◆ Goal of the exercise
Everything in the entries is to be written out exactly, except for the pictures.

--*--

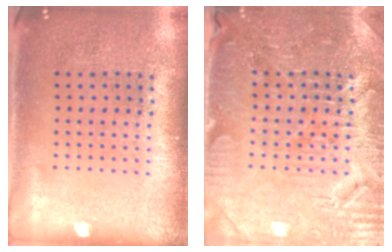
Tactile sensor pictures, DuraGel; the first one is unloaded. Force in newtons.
{"total": 4.0, "press": 3.9, "slide": 0.8}
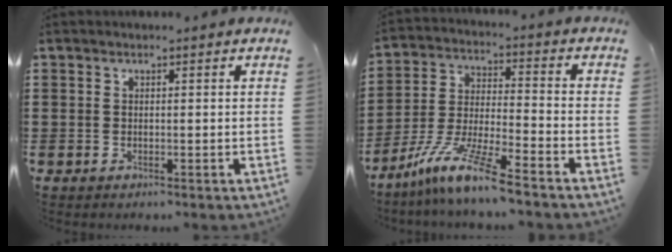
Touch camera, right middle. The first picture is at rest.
{"total": 10.3, "force": [-8.4, -0.5, 6.0], "torque": [-0.136, -0.009, -0.173]}
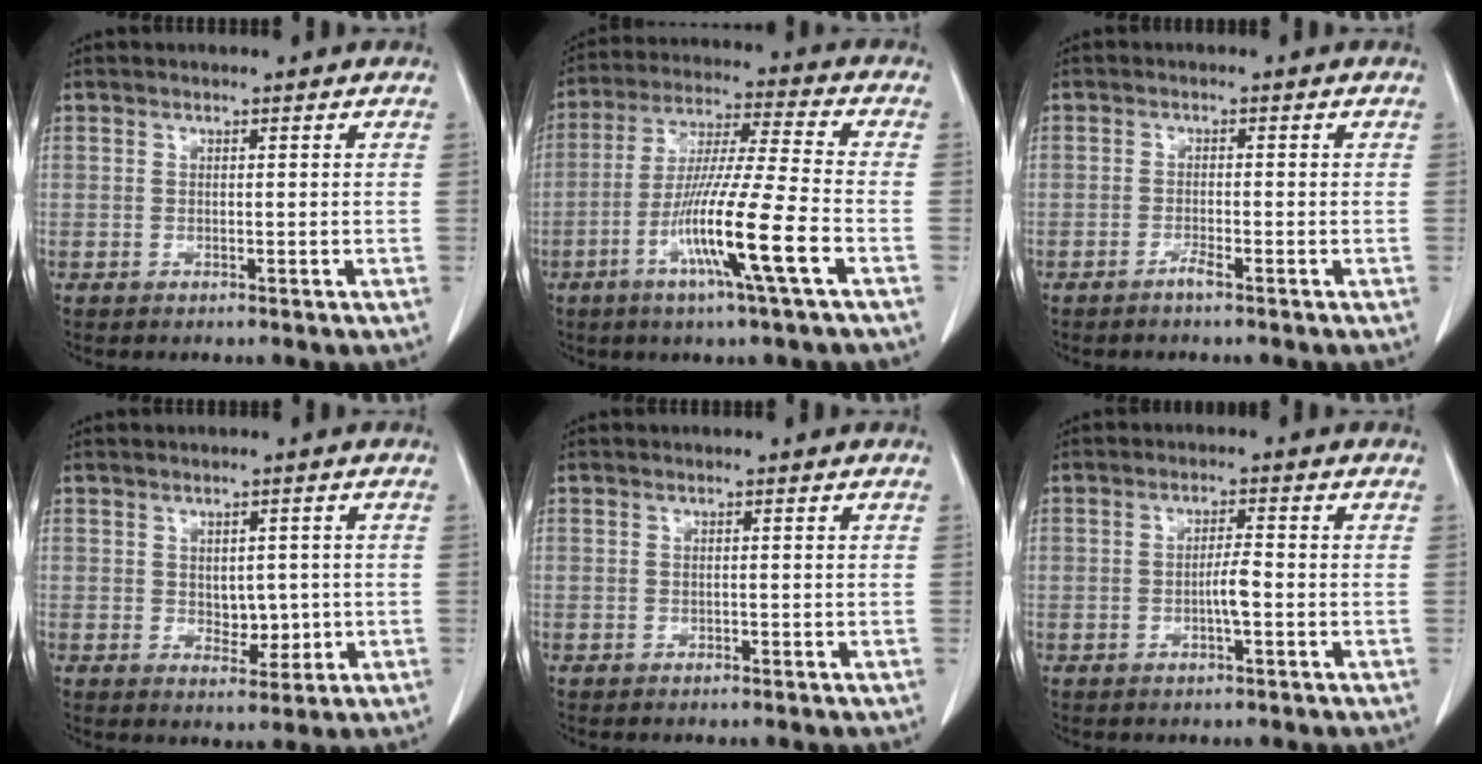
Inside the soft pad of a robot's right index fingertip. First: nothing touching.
{"total": 14.2, "force": [-5.5, -1.0, 13.0], "torque": [-0.248, -0.018, -0.106]}
{"total": 1.4, "force": [-1.2, -0.1, 0.8], "torque": [-0.017, 0.001, -0.022]}
{"total": 3.8, "force": [-0.2, 2.5, 2.9], "torque": [-0.035, -0.001, 0.006]}
{"total": 0.0}
{"total": 2.8, "force": [-0.8, 0.3, 2.6], "torque": [-0.048, 0.002, -0.014]}
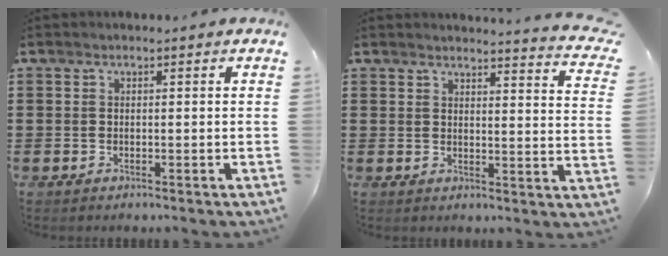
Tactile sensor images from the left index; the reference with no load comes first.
{"total": 3.3, "force": [3.2, -0.3, 0.9], "torque": [-0.025, -0.024, 0.054]}
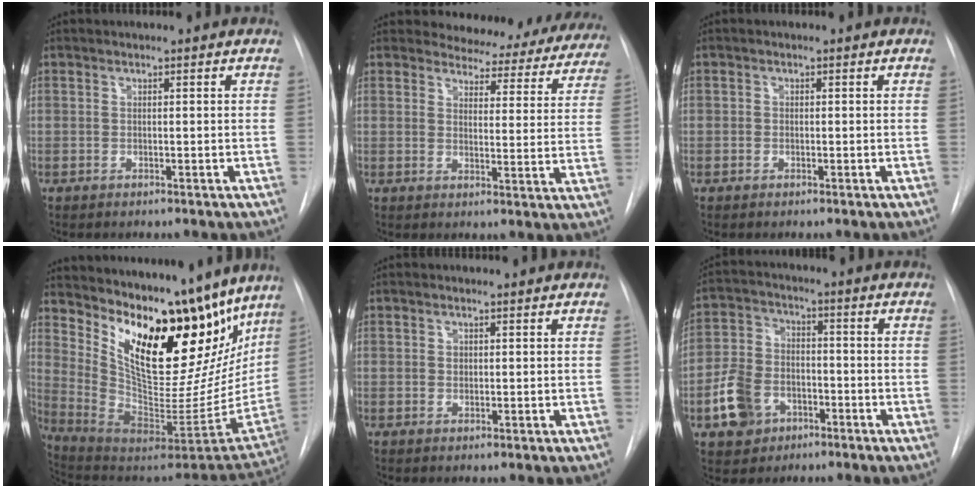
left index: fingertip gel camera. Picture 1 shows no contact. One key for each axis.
{"total": 17.7, "fx": 16.6, "fy": 5.4, "fz": 2.9, "tx": -0.004, "ty": -0.053, "tz": 0.169}
{"total": 0.6, "fx": -0.2, "fy": 0.5, "fz": 0.1, "tx": 0.003, "ty": 0.003, "tz": -0.007}
{"total": 26.2, "fx": 18.4, "fy": 10.2, "fz": 15.7, "tx": -0.245, "ty": -0.024, "tz": 0.278}
{"total": 0.8, "fx": 0.2, "fy": 0.7, "fz": 0.3, "tx": 0.000, "ty": -0.001, "tz": 0.002}
{"total": 9.3, "fx": -4.1, "fy": 7.1, "fz": 4.5, "tx": -0.110, "ty": 0.015, "tz": -0.068}
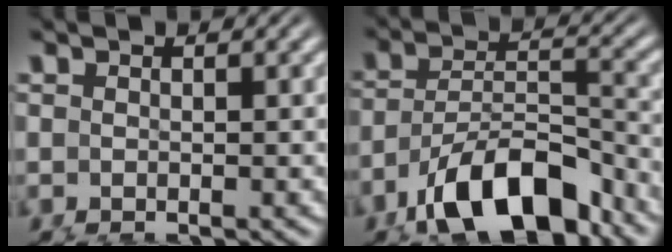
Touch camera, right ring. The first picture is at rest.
{"total": 7.2, "force": [-4.2, 3.9, 4.4], "torque": [-0.074, -0.023, -0.057]}
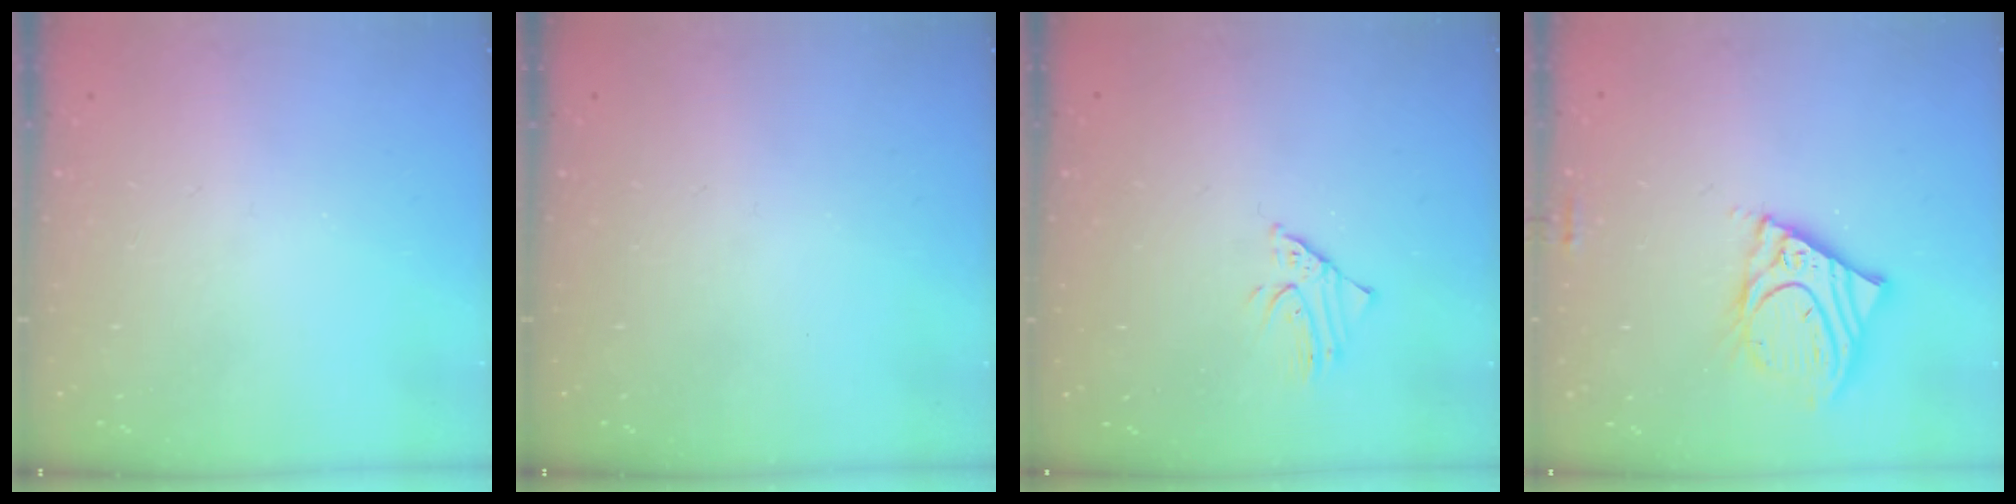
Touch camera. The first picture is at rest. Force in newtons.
{"total": 0.0}
{"total": 1.7, "press": 1.7, "slide": 0.1}
{"total": 12.9, "press": 12.7, "slide": 2.2}
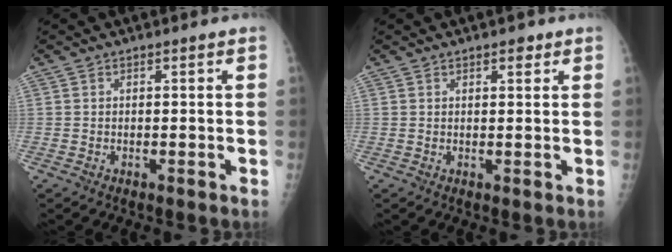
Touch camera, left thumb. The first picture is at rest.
{"total": 1.9, "force": [1.2, 0.9, 1.2], "torque": [-0.009, -0.004, 0.015]}
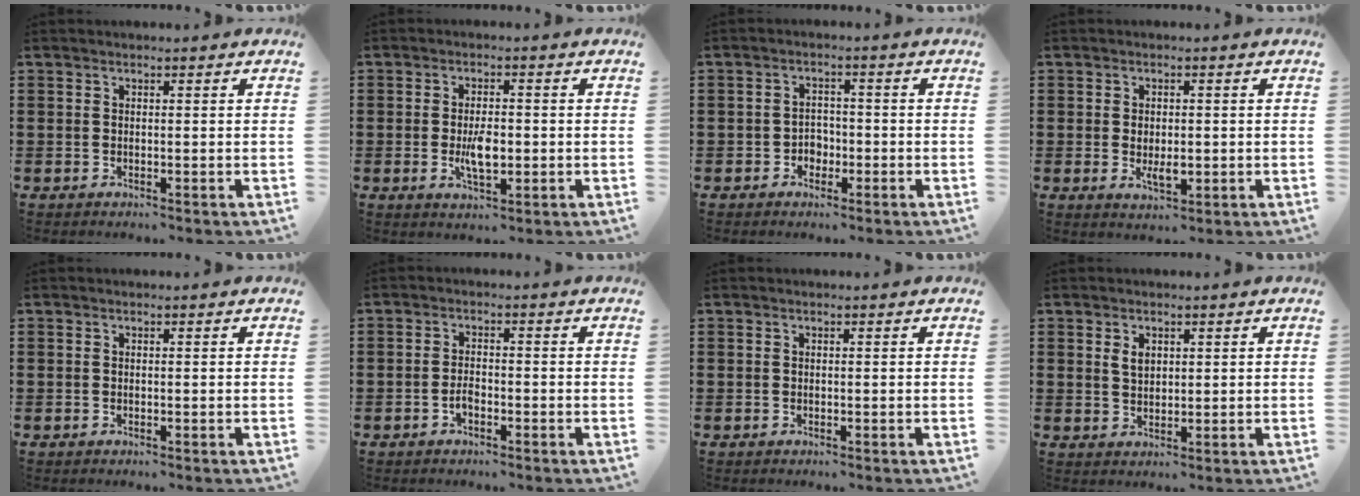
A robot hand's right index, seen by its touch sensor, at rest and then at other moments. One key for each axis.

--*--

◆ Answer
Tactile sensor pictures, DuraGel; the first one is unloaded. Force in newtons.
{"total": 4.0, "press": 3.9, "slide": 0.8}
Touch camera, right middle. The first picture is at rest.
{"total": 10.3, "force": [-8.4, -0.5, 6.0], "torque": [-0.136, -0.009, -0.173]}
Inside the soft pad of a robot's right index fingertip. First: nothing touching.
{"total": 14.2, "force": [-5.5, -1.0, 13.0], "torque": [-0.248, -0.018, -0.106]}
{"total": 1.4, "force": [-1.2, -0.1, 0.8], "torque": [-0.017, 0.001, -0.022]}
{"total": 3.8, "force": [-0.2, 2.5, 2.9], "torque": [-0.035, -0.001, 0.006]}
{"total": 0.0}
{"total": 2.8, "force": [-0.8, 0.3, 2.6], "torque": [-0.048, 0.002, -0.014]}
Tactile sensor images from the left index; the reference with no load comes first.
{"total": 3.3, "force": [3.2, -0.3, 0.9], "torque": [-0.025, -0.024, 0.054]}
left index: fingertip gel camera. Picture 1 shows no contact. One key for each axis.
{"total": 17.7, "fx": 16.6, "fy": 5.4, "fz": 2.9, "tx": -0.004, "ty": -0.053, "tz": 0.169}
{"total": 0.6, "fx": -0.2, "fy": 0.5, "fz": 0.1, "tx": 0.003, "ty": 0.003, "tz": -0.007}
{"total": 26.2, "fx": 18.4, "fy": 10.2, "fz": 15.7, "tx": -0.245, "ty": -0.024, "tz": 0.278}
{"total": 0.8, "fx": 0.2, "fy": 0.7, "fz": 0.3, "tx": 0.000, "ty": -0.001, "tz": 0.002}
{"total": 9.3, "fx": -4.1, "fy": 7.1, "fz": 4.5, "tx": -0.110, "ty": 0.015, "tz": -0.068}
Touch camera, right ring. The first picture is at rest.
{"total": 7.2, "force": [-4.2, 3.9, 4.4], "torque": [-0.074, -0.023, -0.057]}
Touch camera. The first picture is at rest. Force in newtons.
{"total": 0.0}
{"total": 1.7, "press": 1.7, "slide": 0.1}
{"total": 12.9, "press": 12.7, "slide": 2.2}
Touch camera, left thumb. The first picture is at rest.
{"total": 1.9, "force": [1.2, 0.9, 1.2], "torque": [-0.009, -0.004, 0.015]}
A robot hand's right index, seen by its touch sensor, at rest and then at other moments. One key for each axis.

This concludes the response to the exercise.